## GOAL OF THE EXERCISE
Scan the entries for the word "none". Every line that has it should be copied.

•••

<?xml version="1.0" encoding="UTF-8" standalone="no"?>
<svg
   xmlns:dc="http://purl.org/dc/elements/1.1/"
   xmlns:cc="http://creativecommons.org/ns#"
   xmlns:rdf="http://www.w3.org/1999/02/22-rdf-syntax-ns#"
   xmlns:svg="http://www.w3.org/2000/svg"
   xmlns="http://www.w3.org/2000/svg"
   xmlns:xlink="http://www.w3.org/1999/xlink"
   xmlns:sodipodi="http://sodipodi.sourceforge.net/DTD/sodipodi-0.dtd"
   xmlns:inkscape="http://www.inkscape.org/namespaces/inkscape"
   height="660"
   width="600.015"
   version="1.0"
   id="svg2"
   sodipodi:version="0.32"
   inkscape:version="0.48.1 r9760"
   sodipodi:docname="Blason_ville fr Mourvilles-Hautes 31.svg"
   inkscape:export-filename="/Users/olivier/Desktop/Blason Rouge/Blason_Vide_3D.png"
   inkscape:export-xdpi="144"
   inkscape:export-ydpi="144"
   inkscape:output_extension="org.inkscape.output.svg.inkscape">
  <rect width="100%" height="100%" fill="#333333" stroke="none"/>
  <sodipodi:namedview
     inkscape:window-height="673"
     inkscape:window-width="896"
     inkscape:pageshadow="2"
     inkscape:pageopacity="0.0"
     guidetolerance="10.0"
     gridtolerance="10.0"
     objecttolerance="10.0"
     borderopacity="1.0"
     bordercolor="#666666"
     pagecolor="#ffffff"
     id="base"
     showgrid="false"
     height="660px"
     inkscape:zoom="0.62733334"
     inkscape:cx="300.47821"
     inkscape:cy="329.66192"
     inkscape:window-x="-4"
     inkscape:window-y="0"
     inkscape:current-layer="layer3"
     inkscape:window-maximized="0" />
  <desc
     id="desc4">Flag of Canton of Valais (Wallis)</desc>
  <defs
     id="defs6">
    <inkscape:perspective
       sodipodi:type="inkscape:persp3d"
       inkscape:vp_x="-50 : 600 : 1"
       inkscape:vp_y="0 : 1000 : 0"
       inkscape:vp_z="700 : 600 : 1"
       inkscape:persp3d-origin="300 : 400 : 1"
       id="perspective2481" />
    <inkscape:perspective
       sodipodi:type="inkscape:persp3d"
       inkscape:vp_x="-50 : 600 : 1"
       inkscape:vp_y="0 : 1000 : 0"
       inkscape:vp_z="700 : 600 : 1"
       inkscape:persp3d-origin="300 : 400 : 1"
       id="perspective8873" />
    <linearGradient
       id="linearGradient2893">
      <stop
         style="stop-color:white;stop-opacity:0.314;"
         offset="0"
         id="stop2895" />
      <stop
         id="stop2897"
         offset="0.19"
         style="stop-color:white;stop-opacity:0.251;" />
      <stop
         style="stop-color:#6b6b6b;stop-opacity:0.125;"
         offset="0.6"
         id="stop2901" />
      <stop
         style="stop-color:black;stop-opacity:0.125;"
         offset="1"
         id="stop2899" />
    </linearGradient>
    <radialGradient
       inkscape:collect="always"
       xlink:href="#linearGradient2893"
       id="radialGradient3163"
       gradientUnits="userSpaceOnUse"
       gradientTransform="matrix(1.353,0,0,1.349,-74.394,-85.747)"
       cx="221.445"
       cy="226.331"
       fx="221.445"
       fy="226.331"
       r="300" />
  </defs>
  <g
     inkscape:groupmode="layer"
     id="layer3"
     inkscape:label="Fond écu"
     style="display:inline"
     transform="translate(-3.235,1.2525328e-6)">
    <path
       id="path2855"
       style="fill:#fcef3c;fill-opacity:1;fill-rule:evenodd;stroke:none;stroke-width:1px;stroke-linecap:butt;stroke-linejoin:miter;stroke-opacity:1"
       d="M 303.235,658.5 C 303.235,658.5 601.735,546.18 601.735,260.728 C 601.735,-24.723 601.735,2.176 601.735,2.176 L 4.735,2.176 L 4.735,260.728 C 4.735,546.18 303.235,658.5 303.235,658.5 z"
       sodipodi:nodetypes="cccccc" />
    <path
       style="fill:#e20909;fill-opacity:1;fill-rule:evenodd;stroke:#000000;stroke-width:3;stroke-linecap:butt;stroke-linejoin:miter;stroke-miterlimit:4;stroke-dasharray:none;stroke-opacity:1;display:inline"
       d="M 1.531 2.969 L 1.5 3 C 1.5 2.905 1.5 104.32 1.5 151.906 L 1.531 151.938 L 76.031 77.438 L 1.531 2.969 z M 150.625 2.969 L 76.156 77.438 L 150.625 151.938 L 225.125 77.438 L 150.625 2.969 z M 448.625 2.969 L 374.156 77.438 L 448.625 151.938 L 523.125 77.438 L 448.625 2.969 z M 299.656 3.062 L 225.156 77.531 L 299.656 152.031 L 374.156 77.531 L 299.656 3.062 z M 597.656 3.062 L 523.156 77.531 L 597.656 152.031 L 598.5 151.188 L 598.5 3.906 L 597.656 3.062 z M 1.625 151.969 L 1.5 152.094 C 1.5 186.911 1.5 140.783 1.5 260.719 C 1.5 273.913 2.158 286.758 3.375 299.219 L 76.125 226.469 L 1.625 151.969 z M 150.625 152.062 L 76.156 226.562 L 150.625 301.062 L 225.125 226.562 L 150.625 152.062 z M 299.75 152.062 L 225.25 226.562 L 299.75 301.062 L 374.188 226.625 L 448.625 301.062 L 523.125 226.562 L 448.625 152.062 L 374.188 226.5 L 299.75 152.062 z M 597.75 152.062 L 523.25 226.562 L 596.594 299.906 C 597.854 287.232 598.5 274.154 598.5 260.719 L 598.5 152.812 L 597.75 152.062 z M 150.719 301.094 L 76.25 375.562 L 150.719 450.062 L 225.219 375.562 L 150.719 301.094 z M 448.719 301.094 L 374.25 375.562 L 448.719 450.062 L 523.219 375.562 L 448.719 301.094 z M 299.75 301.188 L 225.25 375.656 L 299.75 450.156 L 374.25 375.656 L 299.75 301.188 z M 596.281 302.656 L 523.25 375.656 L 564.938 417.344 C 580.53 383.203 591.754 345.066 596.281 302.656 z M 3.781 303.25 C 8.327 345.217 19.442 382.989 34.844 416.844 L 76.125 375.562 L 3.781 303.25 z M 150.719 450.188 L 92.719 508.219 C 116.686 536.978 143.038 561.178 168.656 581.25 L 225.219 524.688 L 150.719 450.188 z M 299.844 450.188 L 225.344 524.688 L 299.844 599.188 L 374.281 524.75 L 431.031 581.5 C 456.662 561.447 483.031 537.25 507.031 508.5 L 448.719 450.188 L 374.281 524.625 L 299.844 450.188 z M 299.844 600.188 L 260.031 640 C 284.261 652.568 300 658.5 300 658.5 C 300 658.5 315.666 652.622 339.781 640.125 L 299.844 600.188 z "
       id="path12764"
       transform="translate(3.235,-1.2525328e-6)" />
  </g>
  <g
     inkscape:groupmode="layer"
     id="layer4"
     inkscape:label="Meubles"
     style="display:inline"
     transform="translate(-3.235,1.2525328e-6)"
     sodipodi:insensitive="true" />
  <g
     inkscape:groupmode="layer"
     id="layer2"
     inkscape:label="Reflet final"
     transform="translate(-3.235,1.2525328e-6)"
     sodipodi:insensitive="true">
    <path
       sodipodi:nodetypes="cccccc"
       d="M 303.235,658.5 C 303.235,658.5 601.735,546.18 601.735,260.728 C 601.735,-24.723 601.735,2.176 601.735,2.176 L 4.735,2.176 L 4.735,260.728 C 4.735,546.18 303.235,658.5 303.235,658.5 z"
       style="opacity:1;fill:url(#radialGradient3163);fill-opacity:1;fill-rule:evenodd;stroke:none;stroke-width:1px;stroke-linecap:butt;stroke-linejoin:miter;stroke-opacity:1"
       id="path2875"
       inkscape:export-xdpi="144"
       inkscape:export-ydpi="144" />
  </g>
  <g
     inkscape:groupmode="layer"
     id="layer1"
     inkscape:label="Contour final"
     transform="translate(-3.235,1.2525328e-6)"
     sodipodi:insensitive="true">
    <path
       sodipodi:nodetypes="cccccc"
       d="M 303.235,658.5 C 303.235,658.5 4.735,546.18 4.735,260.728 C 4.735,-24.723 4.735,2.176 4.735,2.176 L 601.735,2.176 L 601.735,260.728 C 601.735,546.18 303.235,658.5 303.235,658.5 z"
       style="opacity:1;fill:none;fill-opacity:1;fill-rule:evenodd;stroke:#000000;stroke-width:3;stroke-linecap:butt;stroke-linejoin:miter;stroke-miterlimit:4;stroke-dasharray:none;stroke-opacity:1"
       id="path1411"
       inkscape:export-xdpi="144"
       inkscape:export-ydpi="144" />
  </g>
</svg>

•••

## EXERCISE RESULT
  <rect width="100%" height="100%" fill="#333333" stroke="none"/>
       style="fill:#fcef3c;fill-opacity:1;fill-rule:evenodd;stroke:none;stroke-width:1px;stroke-linecap:butt;stroke-linejoin:miter;stroke-opacity:1"
       style="fill:#e20909;fill-opacity:1;fill-rule:evenodd;stroke:#000000;stroke-width:3;stroke-linecap:butt;stroke-linejoin:miter;stroke-miterlimit:4;stroke-dasharray:none;stroke-opacity:1;display:inline"
       style="opacity:1;fill:url(#radialGradient3163);fill-opacity:1;fill-rule:evenodd;stroke:none;stroke-width:1px;stroke-linecap:butt;stroke-linejoin:miter;stroke-opacity:1"
       style="opacity:1;fill:none;fill-opacity:1;fill-rule:evenodd;stroke:#000000;stroke-width:3;stroke-linecap:butt;stroke-linejoin:miter;stroke-miterlimit:4;stroke-dasharray:none;stroke-opacity:1"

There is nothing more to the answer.